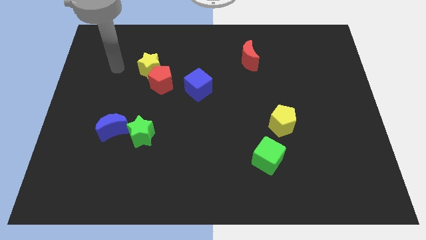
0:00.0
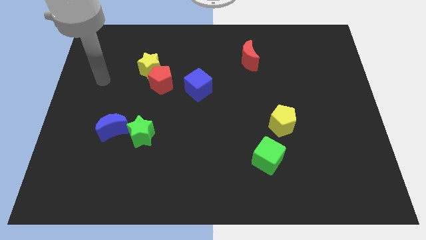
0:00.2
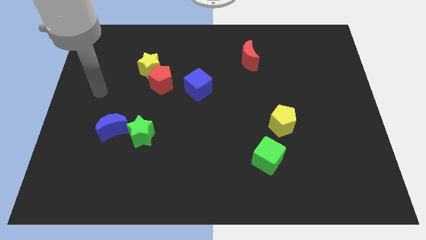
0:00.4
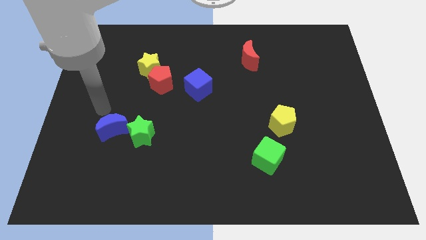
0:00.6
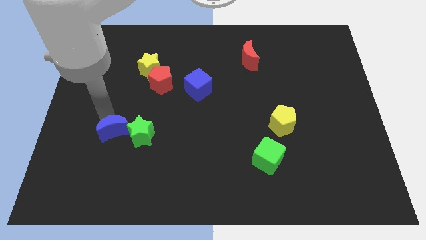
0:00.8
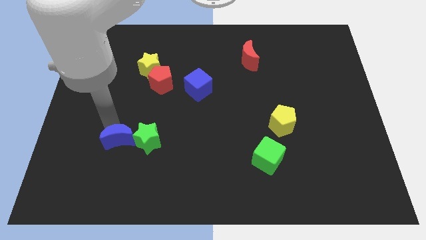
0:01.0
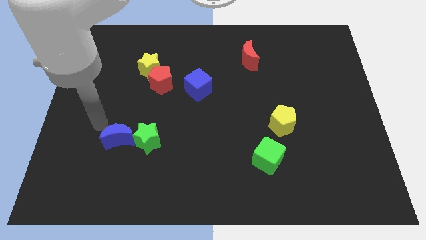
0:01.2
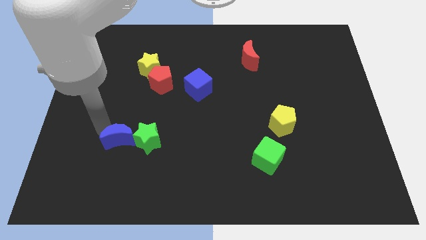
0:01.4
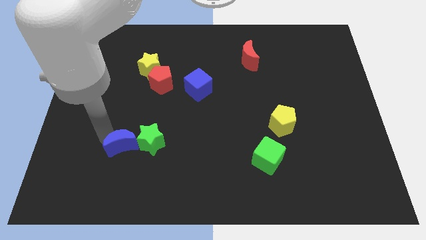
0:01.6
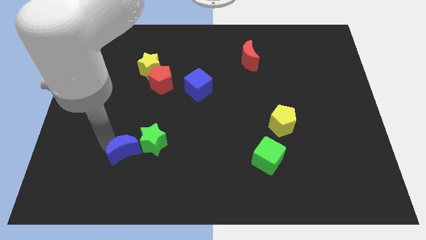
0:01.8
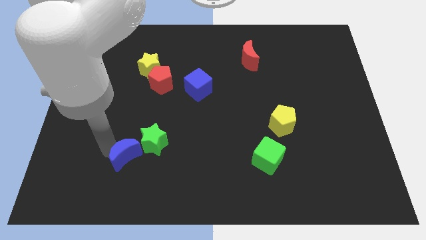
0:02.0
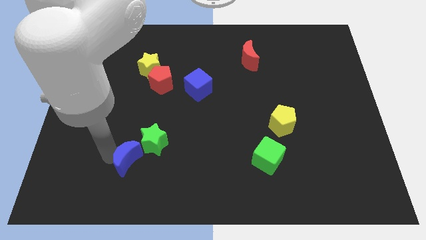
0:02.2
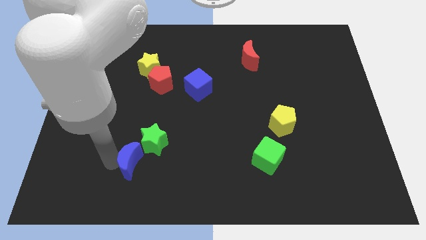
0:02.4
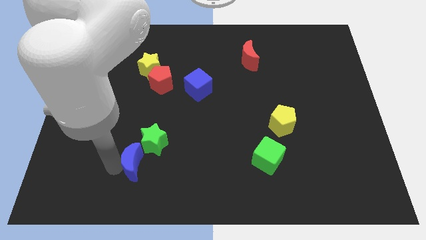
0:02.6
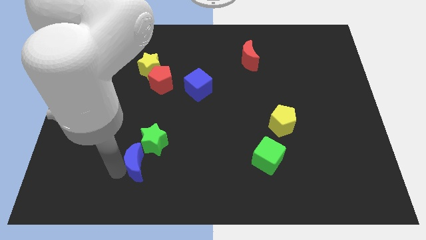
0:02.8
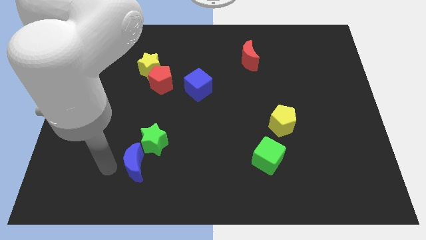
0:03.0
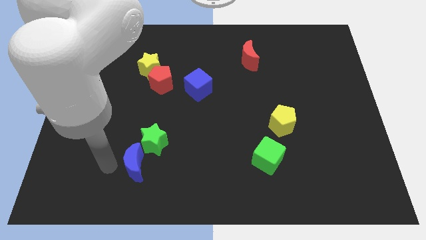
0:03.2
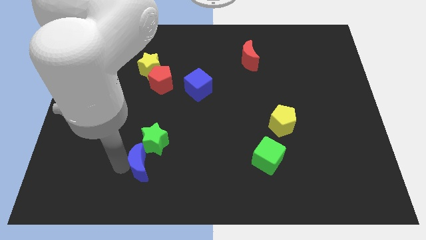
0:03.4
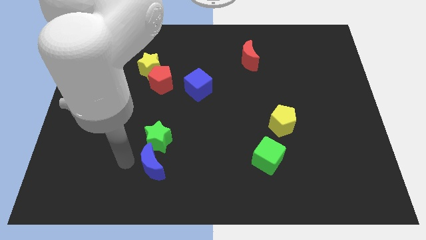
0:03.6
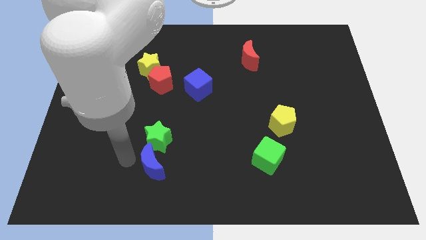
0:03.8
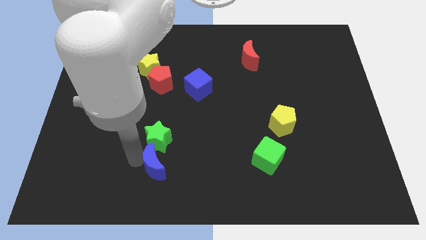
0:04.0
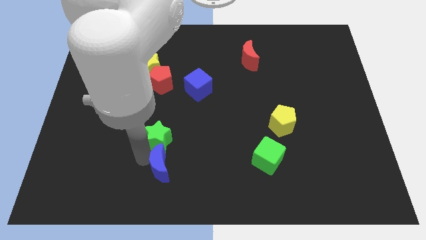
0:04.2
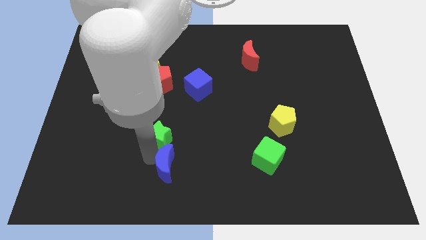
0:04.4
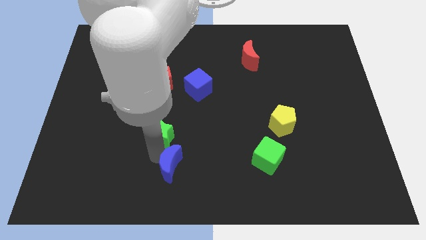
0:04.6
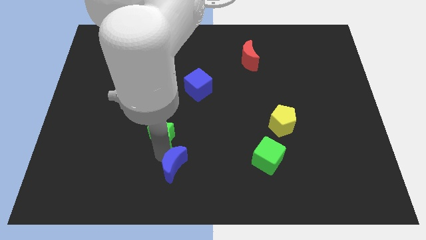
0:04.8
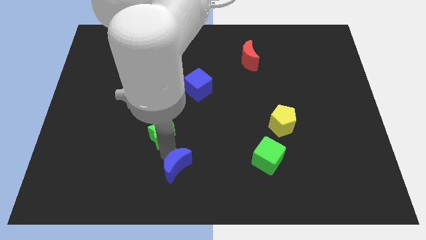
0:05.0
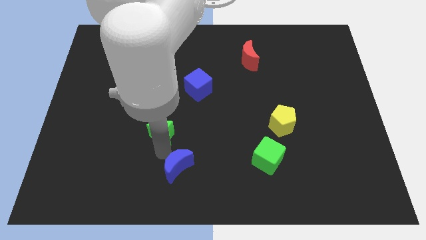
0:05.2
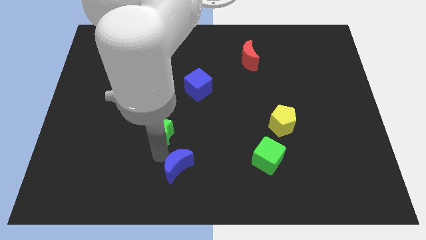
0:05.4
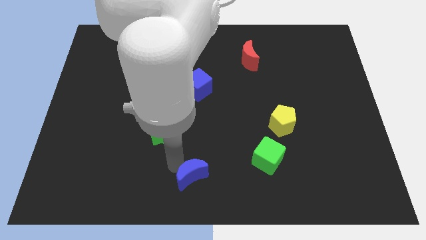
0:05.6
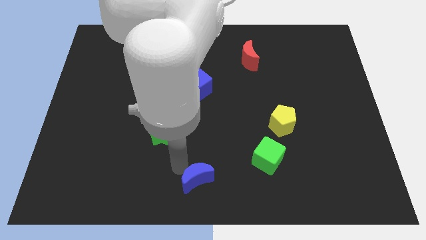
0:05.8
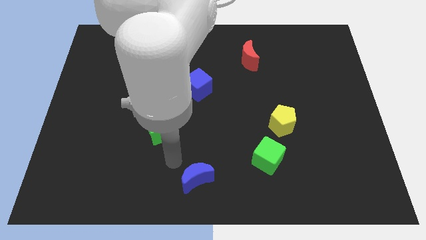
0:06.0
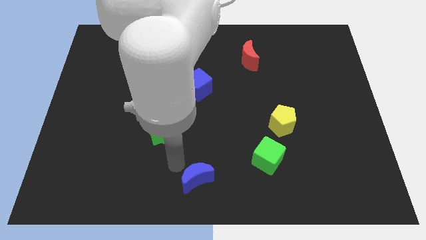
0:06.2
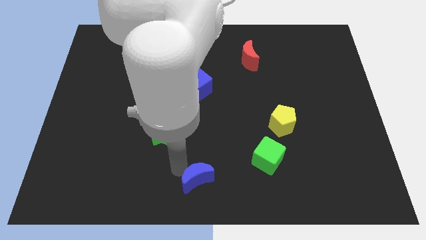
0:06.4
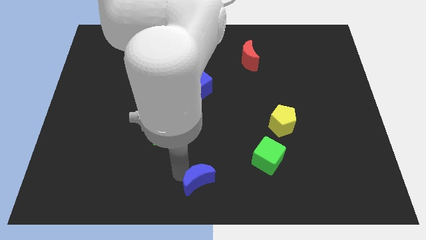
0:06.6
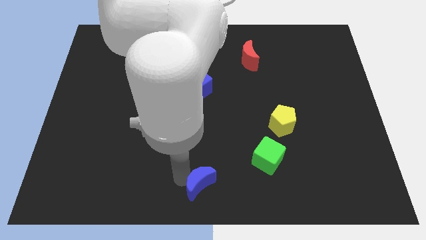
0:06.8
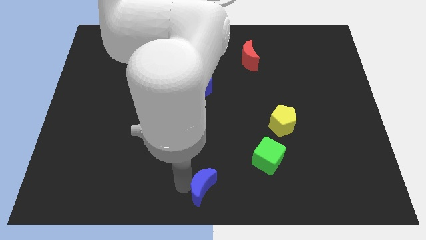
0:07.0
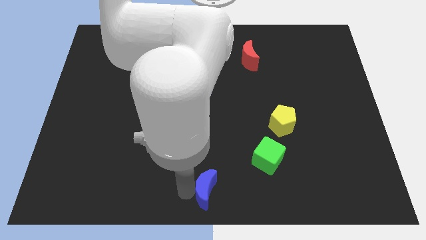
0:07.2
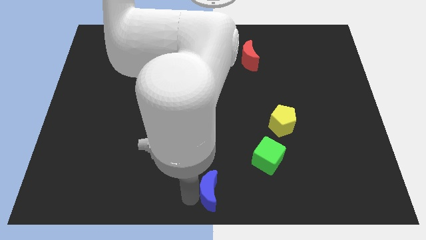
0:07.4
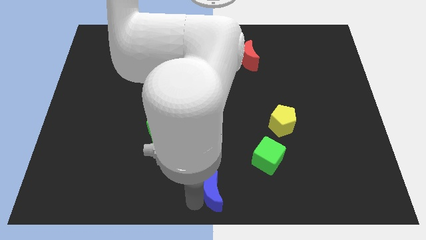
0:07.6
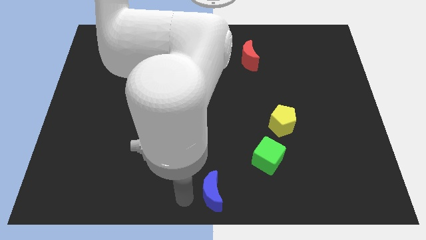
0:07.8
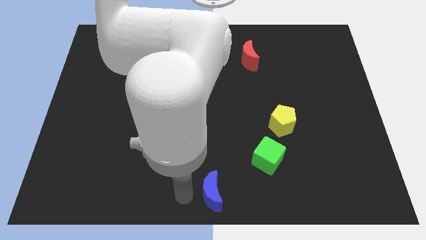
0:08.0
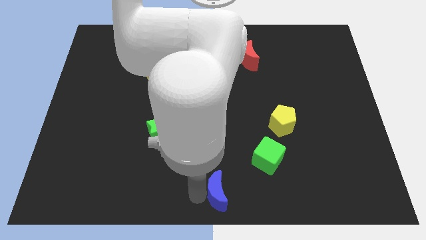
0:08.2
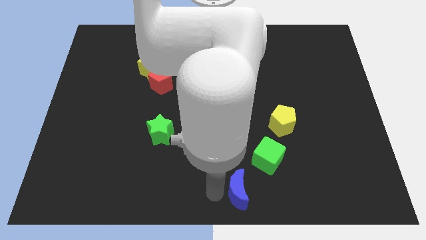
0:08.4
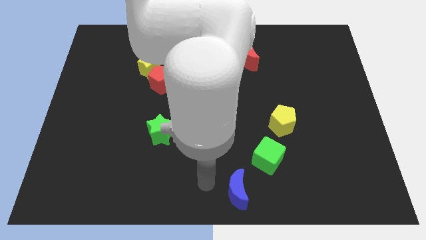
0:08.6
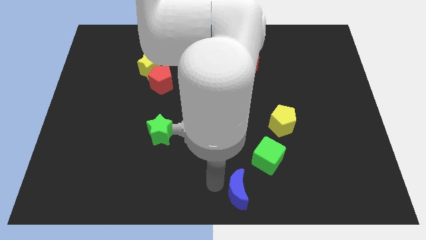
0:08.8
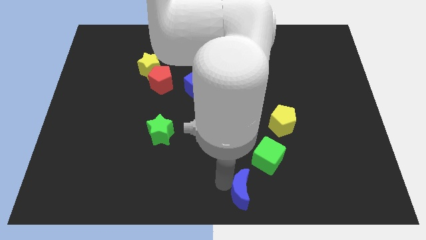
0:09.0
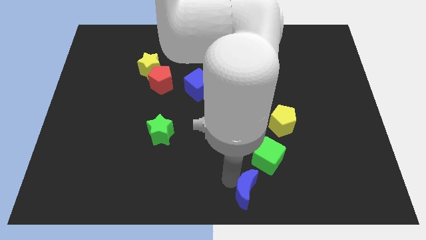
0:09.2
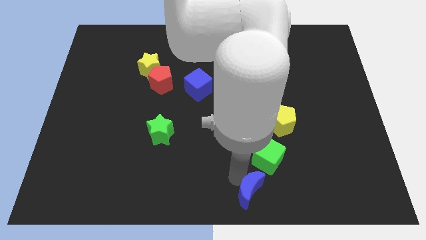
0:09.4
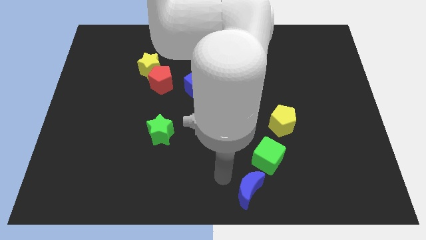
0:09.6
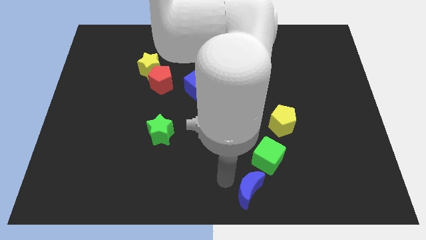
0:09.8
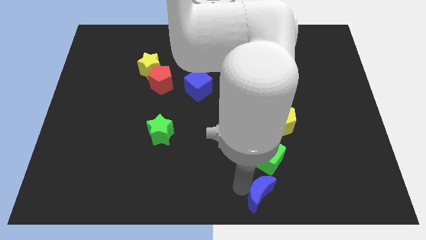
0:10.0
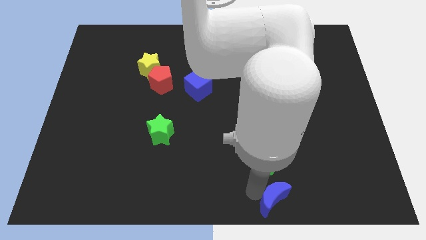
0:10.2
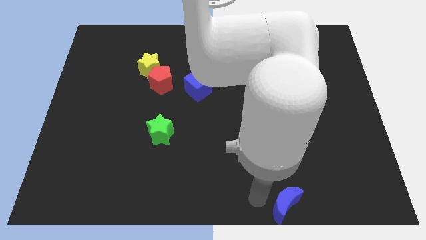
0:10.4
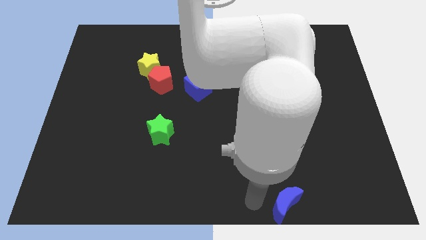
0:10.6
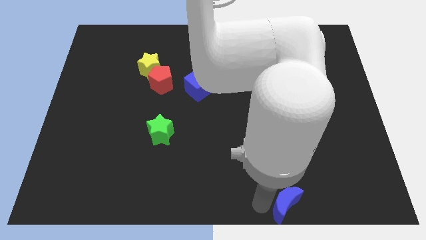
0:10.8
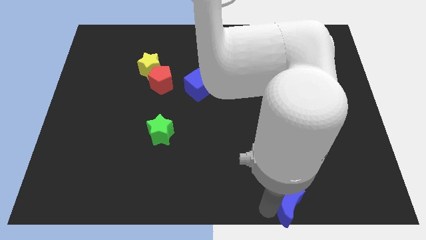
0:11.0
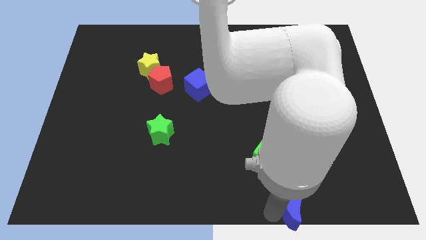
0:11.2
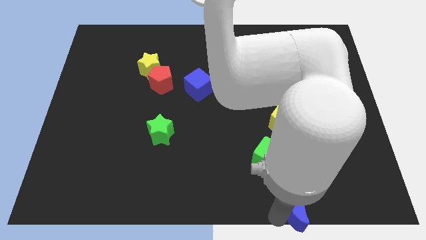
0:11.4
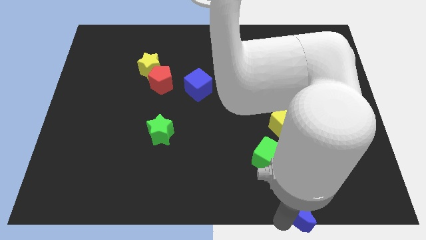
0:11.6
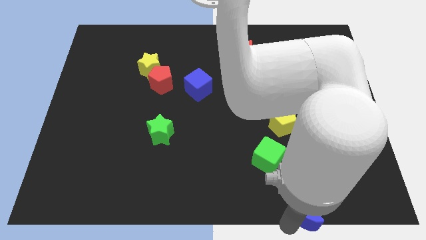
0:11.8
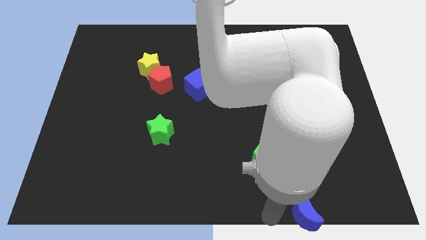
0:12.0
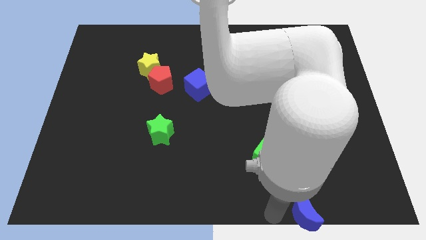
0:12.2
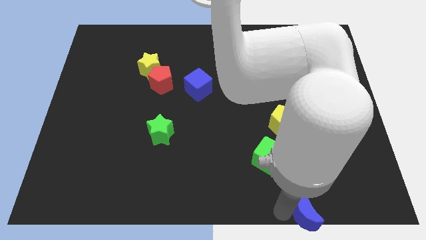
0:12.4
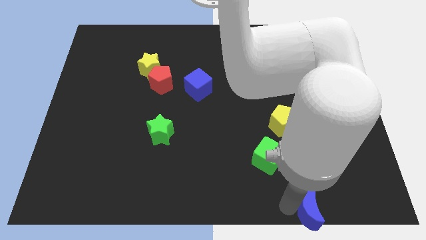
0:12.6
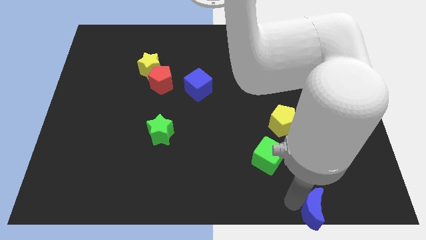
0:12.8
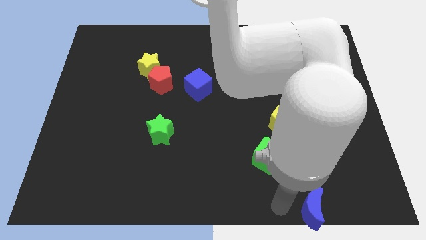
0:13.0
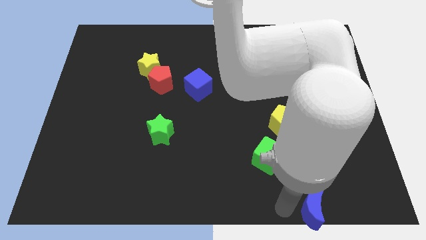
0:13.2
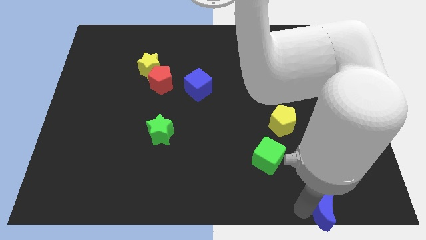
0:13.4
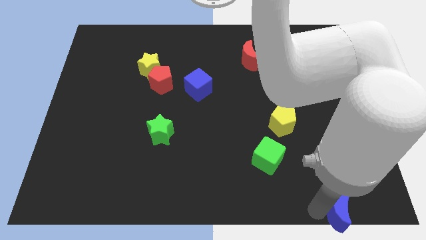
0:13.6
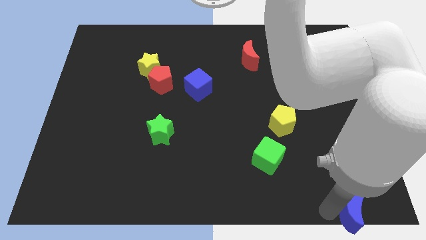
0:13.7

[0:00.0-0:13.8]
push the blue moon to the bottom right of the board

### The problem
Each record above must be retyped exactly, minus its pictures.

### Result for this task
0:00.0
0:00.2
0:00.4
0:00.6
0:00.8
0:01.0
0:01.2
0:01.4
0:01.6
0:01.8
0:02.0
0:02.2
0:02.4
0:02.6
0:02.8
0:03.0
0:03.2
0:03.4
0:03.6
0:03.8
0:04.0
0:04.2
0:04.4
0:04.6
0:04.8
0:05.0
0:05.2
0:05.4
0:05.6
0:05.8
0:06.0
0:06.2
0:06.4
0:06.6
0:06.8
0:07.0
0:07.2
0:07.4
0:07.6
0:07.8
0:08.0
0:08.2
0:08.4
0:08.6
0:08.8
0:09.0
0:09.2
0:09.4
0:09.6
0:09.8
0:10.0
0:10.2
0:10.4
0:10.6
0:10.8
0:11.0
0:11.2
0:11.4
0:11.6
0:11.8
0:12.0
0:12.2
0:12.4
0:12.6
0:12.8
0:13.0
0:13.2
0:13.4
0:13.6
0:13.7

[0:00.0-0:13.8]
push the blue moon to the bottom right of the board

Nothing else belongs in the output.